2. Die Demonstration in Augsburg

Der Bayerische Verwaltungsgerichtshof hat seine das behördliche Demonstrationsverbot bestätigende Entscheidung auf die Gefahr einer Störung der öffentlichen Sicherheit gestützt. Es lägen hinreichende konkrete Tatsachen für die Befürchtung vor, dass die Demonstration einen unfriedlichen Verlauf nehmen werde. Eine Pressemitteilung des Bayrischen VGH zu diesem Beschluss ist auf dessen Homepage unter www.vgh.bayern.de veröffentlicht.

Die 1. Kammer des Ersten Senats des BVerfG hat die Durchführung der Demonstration ermöglicht, weil die Argumentation des Bayerischen Verwaltungsgerichtshofs rechtlich nicht tragfähig ist. Sie basiert nicht auf dem Vorliegen hinreichender konkreter Anhaltspunkte für eine Gefahr, sondern auf dem Fehlen eines besonderen Sicherheitskonzepts der Veranstalterin für den Fall, dass eine Gefahr sich konkretisieren sollte. Mit der Verfassung ist aber eine Rechtspflicht des Demon-strationsveranstalters, ein besonderes Sicherheitskonzept vorzulegen, nicht zu vereinbaren. Aus der Brokdorf-Entscheidung des BVerfG ergibt sich lediglich, dass eine Kooperation des Veranstalters mit der Versammlungsbehörde dazu führen kann, dass die Schwelle für ein behördliches Eingreifen wegen einer Gefährdung der öffentlichen Sicherheit höher rückt.
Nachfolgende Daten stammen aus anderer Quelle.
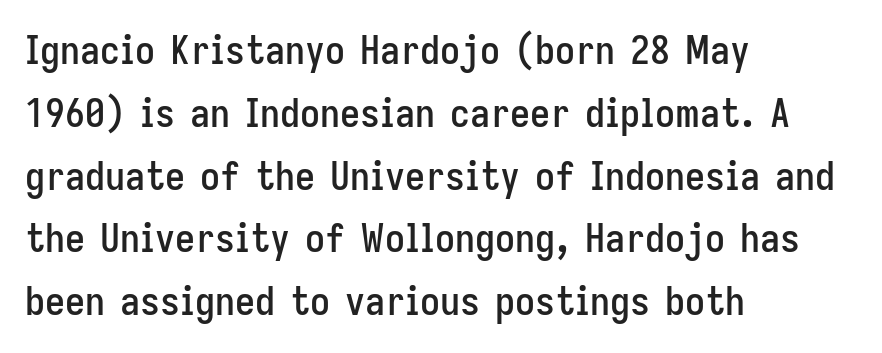
The image shows 40 px condensed sans-serif type, upright; set left-aligned, normal line spacing (1.57x), normal letter spacing, not underlined; low stroke contrast and a medium x-height.
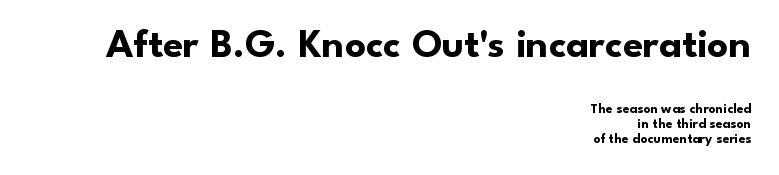
The image shows 41 px bold sans-serif type, upright; set right-aligned, tight line spacing (1.04x), normal letter spacing, not underlined; the first (top) block is 2.93x larger; low stroke contrast and a small x-height.
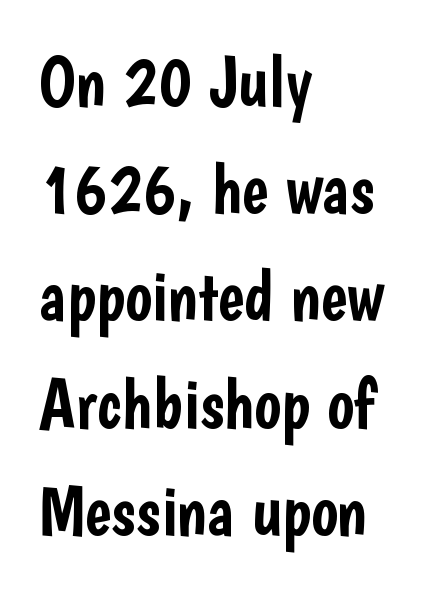
The letters stand upright; this is a roman face. Each new line begins a customary step beneath the previous one. Characters follow at the spacing the type designer built in. This rendering employs a face without finishing strokes, i.e., a sans-serif.
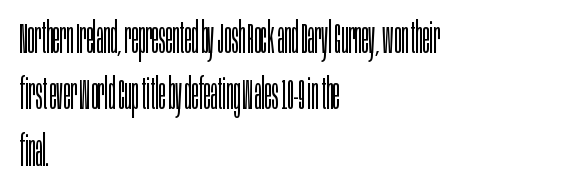
Default kerning and tracking; the words read as compact shapes. This block has exactly the height ordinary leading produces. Style check: upright. You could not count columns in this text — the font is proportionally spaced. Underline: absent. Typographically, this falls in the sans-serif category.
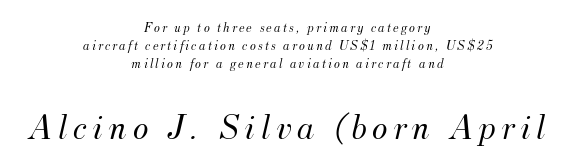
Unbolded letterforms with no extra heft. Compare the two chunks: the lower has the greater cap height. Caption: multi-line text, centered on the measure. Here the designer chose a conventional face with non-uniform glyph widths.
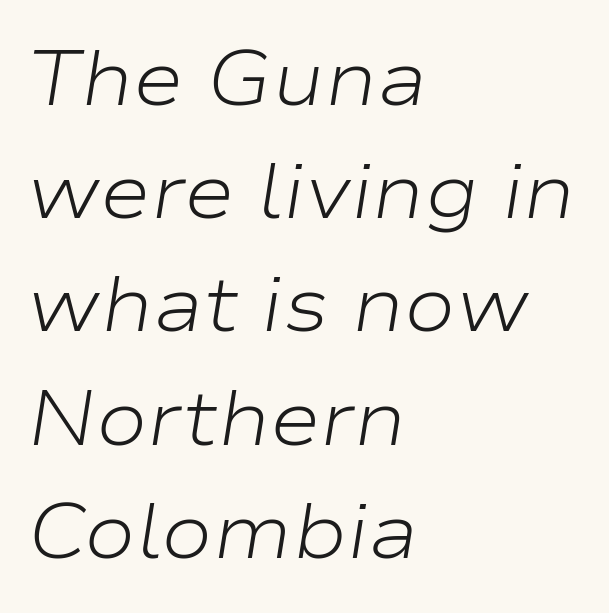
Q: Is the text bold? A: No.
Q: Is the text italic (slanted)? A: Yes, it leans right by about 9 degrees.
Q: Is the text underlined? A: No.
Q: How is the paragraph aligned? A: Left-aligned.
Q: Is the spacing between letters normal or unusually wide? A: Normal.
Q: Is the spacing between lines tight, normal or loose? A: Normal.
Q: Width (condensed, normal, or wide)? A: Wide.
Q: Stroke contrast? A: Low.
Q: x-height? A: Medium.
Q: Monospaced? A: No.
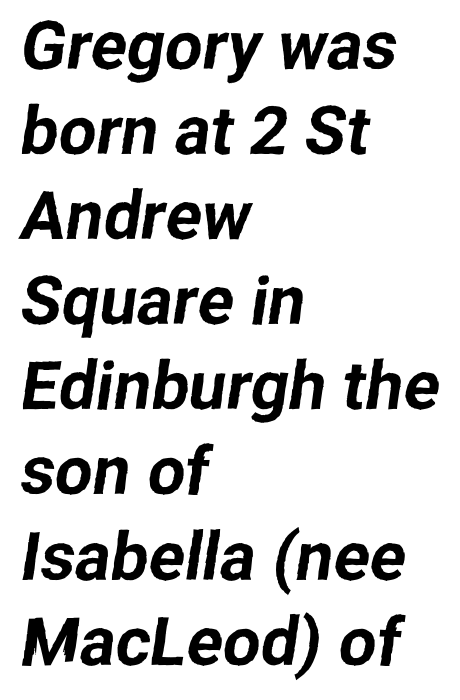
Q: Is the typeface a serif or a sans-serif typeface? A: Sans-serif.
Q: Is the text underlined? A: No.
Q: How is the paragraph aligned? A: Left-aligned.
Q: Is the spacing between letters normal or unusually wide? A: Normal.
Q: Is the spacing between lines tight, normal or loose? A: Normal.
Q: Width (condensed, normal, or wide)? A: Normal.
Q: Stroke contrast? A: Low.
Q: x-height? A: Medium.
Q: Monospaced? A: No.
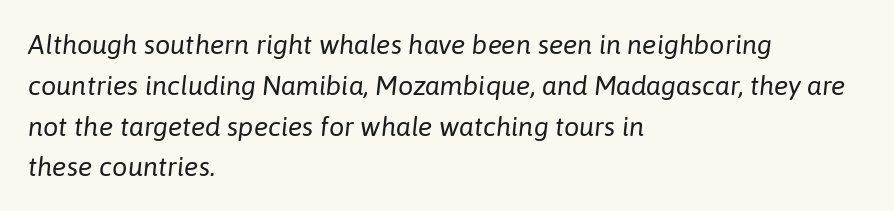
Q: Is the text bold? A: No.
Q: Is the text italic (slanted)? A: Yes, it leans right by about 6 degrees.
Q: Is the text underlined? A: No.
Q: How is the paragraph aligned? A: Left-aligned.
Q: Is the spacing between letters normal or unusually wide? A: Normal.
Q: Is the spacing between lines tight, normal or loose? A: Normal.
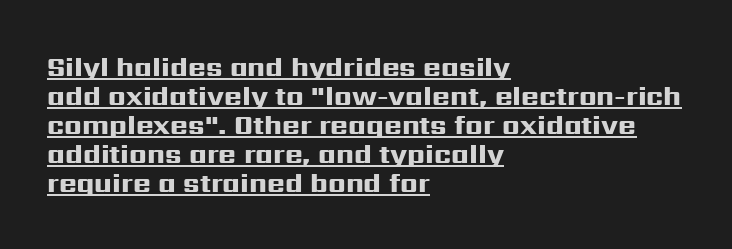
Q: Is the text bold? A: Yes.
Q: Is the text italic (slanted)? A: No, it is upright.
Q: Is the text underlined? A: Yes.
Q: How is the paragraph aligned? A: Left-aligned.
Q: Is the spacing between letters normal or unusually wide? A: Normal.
Q: Is the spacing between lines tight, normal or loose? A: Tight.

Der Verwaltungsgerichtshof verkennt die Reichweite des Grundrechtsschutzes, wenn Demonstrationsveranstaltern Verhaltenspflichten auferlegt werden, die im Ergebnis zu einem Abweichen von allgemeinen verwaltungsrechtlichen Grundsätzen über die Darlegungs- und Beweislast zu ihren Lasten führen. Im Verwaltungsrecht gilt der Untersuchungsgrundsatz. Die Beweislast für das Vorliegen von Verbotsgründen liegt bei der Behörde. Es widerspricht dem Schutzgehalt des Art. 8 GG, wenn die Behörde diesen rechtlichen Grundsätzen durch die Forderung auszuweichen sucht, die Veranstalterin müsse die Teilnahme gewaltbereiter Skinheads zweifelsfrei ausschließen. Auch Zweifel an der Zuverlässigkeit der benannten Ordner reichen allein nicht für die Folgerung, die Veranstalterin habe nicht alles Erforderliche getan, um Gefahren vorzubeugen. Zwar können Bedenken an der Zuverlässigkeit der Ordner versammlungsrechtlich erheblich sein. Ist die Veranstalterin aber - wie hier - bereit, die betroffenen Ordner gegen andere auszutauschen, widerspricht es der Aufgabe der Behörde zur versammlungsfreundlichen Kooperation, wenn sie die Namen der beanstandeten Ordner nicht benennt und damit der Veranstalterin die Möglichkeit nimmt, die Ordner auszuwechseln.